L'azzeramento dell'IVA non sostituisce il programma più ampio dedicato all'efficienza delle abitazioni, alle energie rinnovabili e alla riduzione dell'esposizione del Paese ai prezzi internazionali dei combustibili fossili.
Un taglio fiscale può attenuare la spesa nel breve periodo, ma non modifica direttamente la quantità di energia necessaria per riscaldare un'abitazione poco isolata. Per produrre benefici duraturi serviranno investimenti in isolamento, reti, generazione e accumulo.
La politica energetica del nuovo governo dovrà quindi conciliare due tempi diversi: un sostegno immediato alle famiglie e una trasformazione strutturale capace di ridurre la vulnerabilità delle bollette alle crisi internazionali.

La guerra con l'Iran aggrava il quadro energetico

Burnham entra a Downing Street durante una fase di forte instabilità nel mercato mondiale dell'energia. La guerra tra Stati Uniti e Iran, gli attacchi alle rotte marittime e le minacce contro lo Stretto di Hormuz e il Mar Rosso hanno aumentato l'incertezza sui prezzi di petrolio e gas.
Il Regno Unito non dipende esclusivamente dalle importazioni attraverso quelle rotte, ma i mercati energetici sono interconnessi. Un aumento delle quotazioni internazionali può trasferirsi ai costi di approvvigionamento, all'inflazione e alle aspettative sui tassi d'interesse.
La scelta di ridurre l'imposta sull'elettricità risponde quindi sia a una pressione già presente sia al rischio di nuovi rincari. La sostenibilità della misura dipenderà dalla durata della crisi e dalla capacità del governo di evitare che il sostegno temporaneo venga rapidamente assorbito da un nuovo aumento dei prezzi all'ingrosso.
Il contesto internazionale riduce inoltre il margine finanziario dell'esecutivo. Bollette più elevate possono richiedere ulteriori aiuti, mentre l'aumento dell'inflazione tende ad accrescere i costi legati al debito pubblico indicizzato.

Il piano contro il pernottamento in strada

Il secondo intervento già definito riguarda il contrasto al rough sleeping, espressione utilizzata nel Regno Unito per indicare le persone costrette a dormire in strada, in ingressi, stazioni o altri luoghi non destinati all'abitazione.
Il nuovo governo ha stanziato ulteriori 340 milioni di sterline, portando il finanziamento complessivo destinato al settore a un livello indicato come record.
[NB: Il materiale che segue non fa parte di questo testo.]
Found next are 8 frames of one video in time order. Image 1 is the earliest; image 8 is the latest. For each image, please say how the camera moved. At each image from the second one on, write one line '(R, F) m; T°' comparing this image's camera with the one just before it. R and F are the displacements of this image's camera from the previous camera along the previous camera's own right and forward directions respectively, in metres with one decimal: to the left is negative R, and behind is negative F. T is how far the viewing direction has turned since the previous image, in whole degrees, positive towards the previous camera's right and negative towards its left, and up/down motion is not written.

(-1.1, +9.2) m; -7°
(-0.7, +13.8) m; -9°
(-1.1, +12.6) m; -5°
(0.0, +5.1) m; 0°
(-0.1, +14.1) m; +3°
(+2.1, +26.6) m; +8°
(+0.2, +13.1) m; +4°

L'obiettivo è attivare una risposta urgente prima dell'inverno e impedire che le persone restino esposte alle condizioni meteorologiche più dure.
Burnham non ha fissato una data precisa entro la quale il pernottamento in strada dovrà essere eliminato. Ha però respinto l'idea che il problema richieda necessariamente decenni e ha indicato la volontà di intervenire "alla prima opportunità possibile".
L'assenza di una scadenza rigida evita una promessa temporale difficilmente verificabile, ma rende necessario definire indicatori intermedi: numero delle persone assistite, sistemazioni disponibili, durata degli inserimenti e riduzione dei ritorni in strada.
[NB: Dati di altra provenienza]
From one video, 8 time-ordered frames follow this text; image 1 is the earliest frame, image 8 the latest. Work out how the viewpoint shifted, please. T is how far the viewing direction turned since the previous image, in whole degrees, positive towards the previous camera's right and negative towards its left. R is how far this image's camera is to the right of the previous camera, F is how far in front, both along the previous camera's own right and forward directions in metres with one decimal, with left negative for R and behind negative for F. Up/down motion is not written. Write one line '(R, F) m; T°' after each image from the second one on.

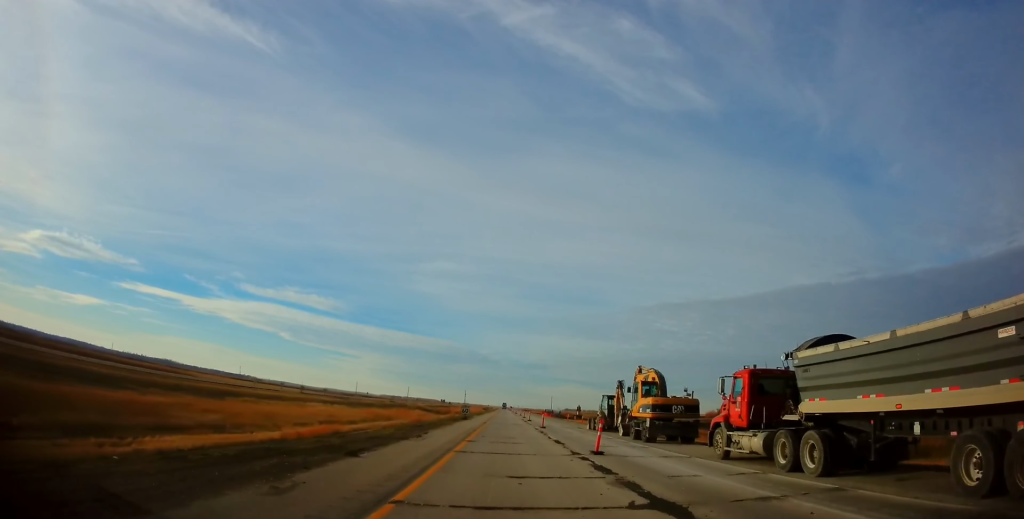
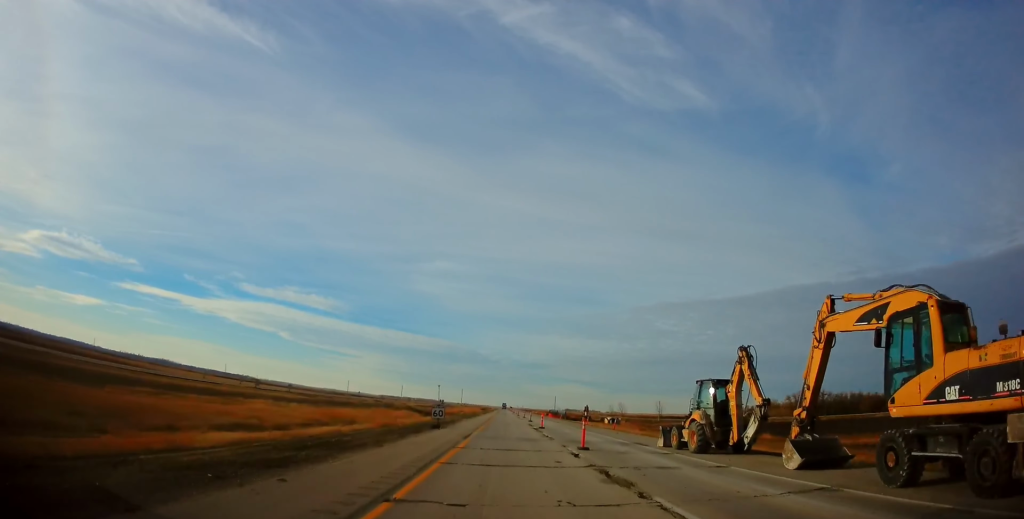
(0.0, +21.3) m; 0°
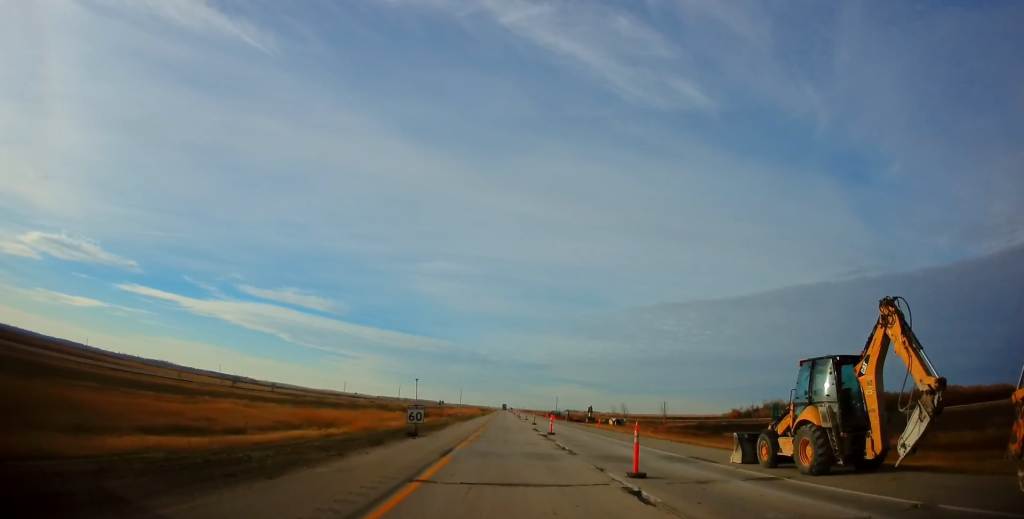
(0.0, +8.2) m; 0°
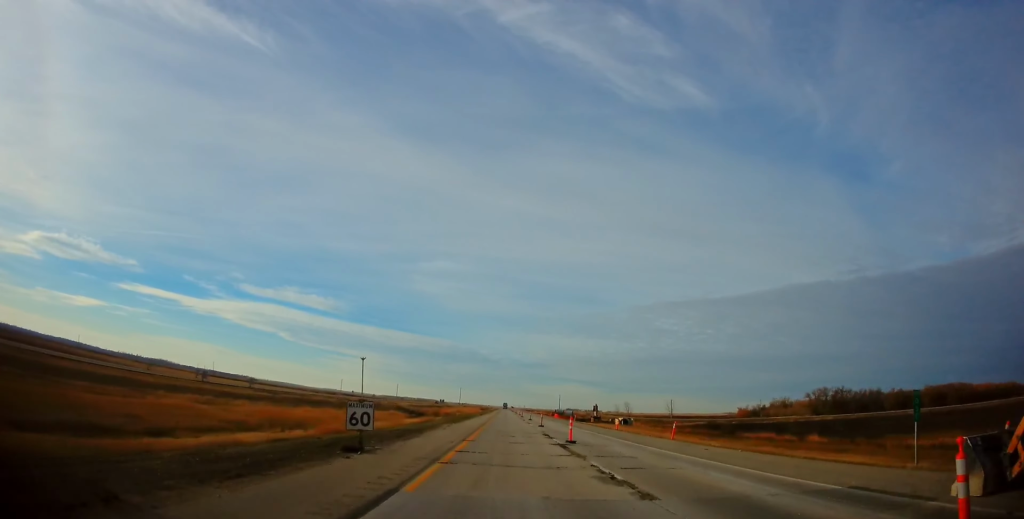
(-0.1, +9.5) m; 0°
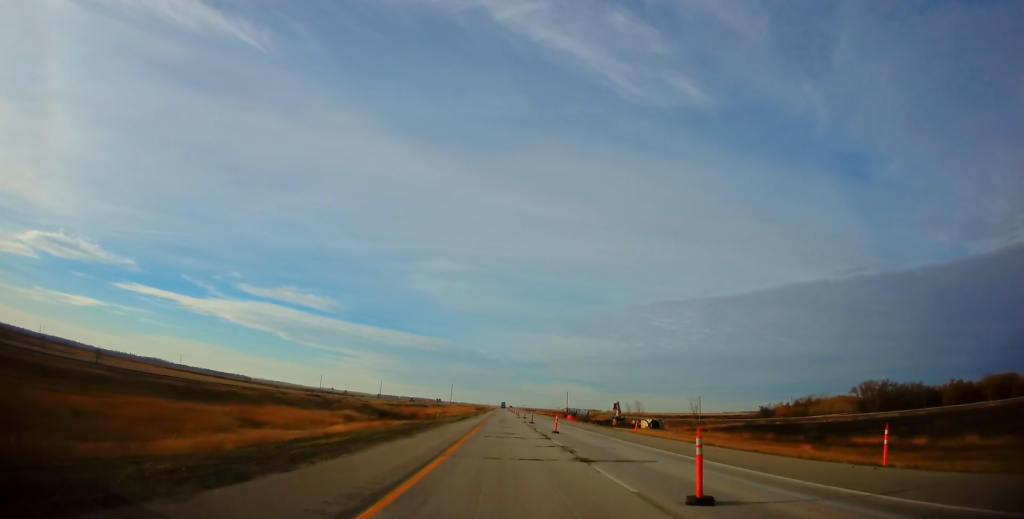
(+0.4, +38.1) m; +1°
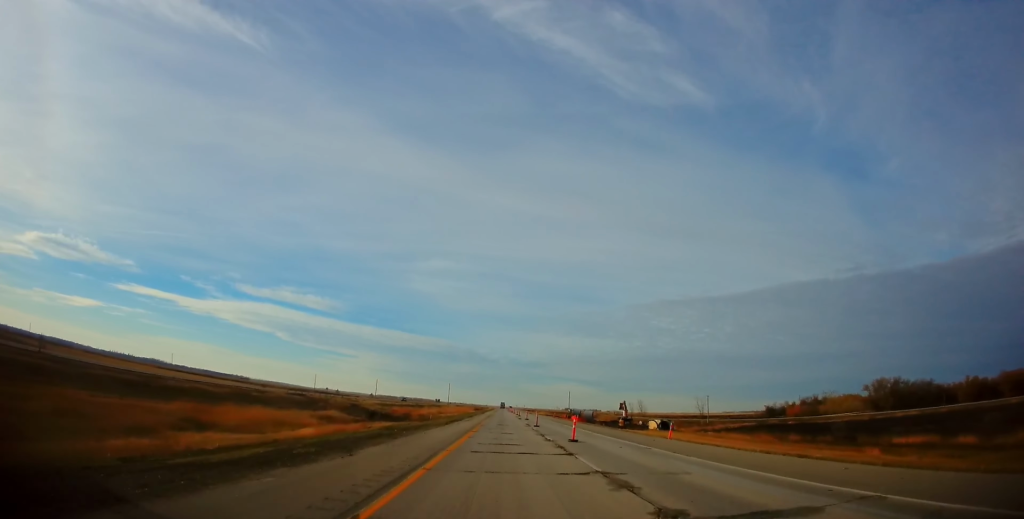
(0.0, +8.9) m; 0°
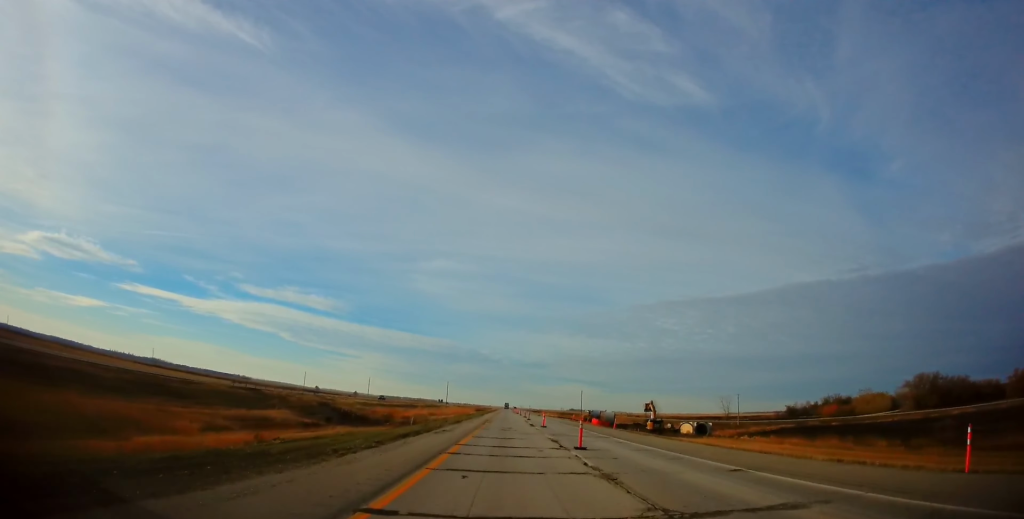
(0.0, +23.6) m; 0°
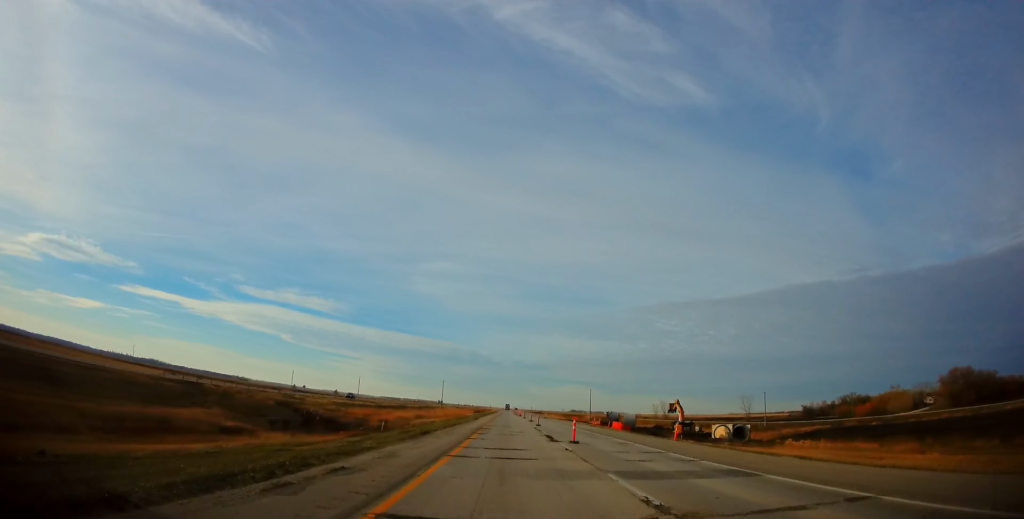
(-0.2, +18.4) m; 0°

Un intervento che coinvolge sanità e amministrazioni locali

Il finanziamento non sarà gestito esclusivamente da Downing Street. La strategia prevede il coinvolgimento di sindaci, consigli locali, Servizio sanitario nazionale, servizi sociali e dipartimenti governativi.
La scelta riflette la natura complessa della condizione di chi vive in strada. La mancanza di un'abitazione può intrecciarsi con problemi sanitari, dipendenze, perdita del lavoro, violenza familiare, debiti e disturbi mentali.
Offrire un posto letto per poche notti può proteggere una persona nell'immediato, ma non garantisce il superamento della condizione. Una politica efficace richiede alloggi stabili, assistenza sanitaria, supporto amministrativo e percorsi di reinserimento.
Il governo intende sviluppare una forma di Stato preventivo, sostenendo che intervenire prima sia meno costoso rispetto alla gestione ripetuta di emergenze, ricoveri, contatti con la polizia e servizi temporanei.

Il precedente dell'emergenza pandemica

Burnham ha richiamato l'esperienza del programma "Everyone In", avviato durante la pandemia per offrire rapidamente una sistemazione alle persone che dormivano in strada. L'iniziativa mostrò che una risposta coordinata poteva ridurre in tempi brevi il numero delle persone esposte.
Quel precedente non dimostra però che il problema possa essere eliminato permanentemente attraverso una sola operazione. Molte sistemazioni erano temporanee e il ritorno alla normalità richiese soluzioni più stabili, difficili da realizzare in presenza di una carenza di alloggi accessibili.
Il nuovo piano dovrà quindi evitare che le persone vengano semplicemente spostate dalla strada a strutture provvisorie prive di un percorso successivo. La qualità dell'intervento sarà misurata dalla capacità di garantire una casa duratura, non soltanto dal numero degli ingressi nelle sistemazioni di emergenza.
Il collegamento con la promessa di costruire più abitazioni comunali sarà essenziale. Senza un ampliamento dell'offerta, i servizi locali potrebbero trovarsi a gestire una continua rotazione all'interno di un numero insufficiente di posti.

Più case comunali nel piano decennale

Nel discorso inaugurale, Burnham ha annunciato la volontà di costruire più council homes, le abitazioni sociali realizzate o gestite dalle amministrazioni locali. Il progetto sarà incluso nel piano nazionale decennale che il governo intende presentare entro la fine dell'anno.
La costruzione di nuove case viene collegata sia alla lotta contro la povertà abitativa sia alla riduzione della spesa assistenziale. Affitti più sostenibili possono diminuire il ricorso a sussidi elevati e offrire maggiore stabilità alle famiglie.
Il programma dovrà però affrontare costi dei terreni, disponibilità di manodopera, autorizzazioni e capacità finanziaria delle autorità locali. La promessa non è ancora accompagnata da un numero nazionale di abitazioni, da un calendario o da una copertura completa.
La realizzazione effettiva dipenderà anche dal rapporto tra governo centrale e amministrazioni territoriali. Burnham ha promesso di trasferire più poteri fuori da Westminster, ma dovrà stabilire quali risorse accompagneranno le nuove responsabilità locali.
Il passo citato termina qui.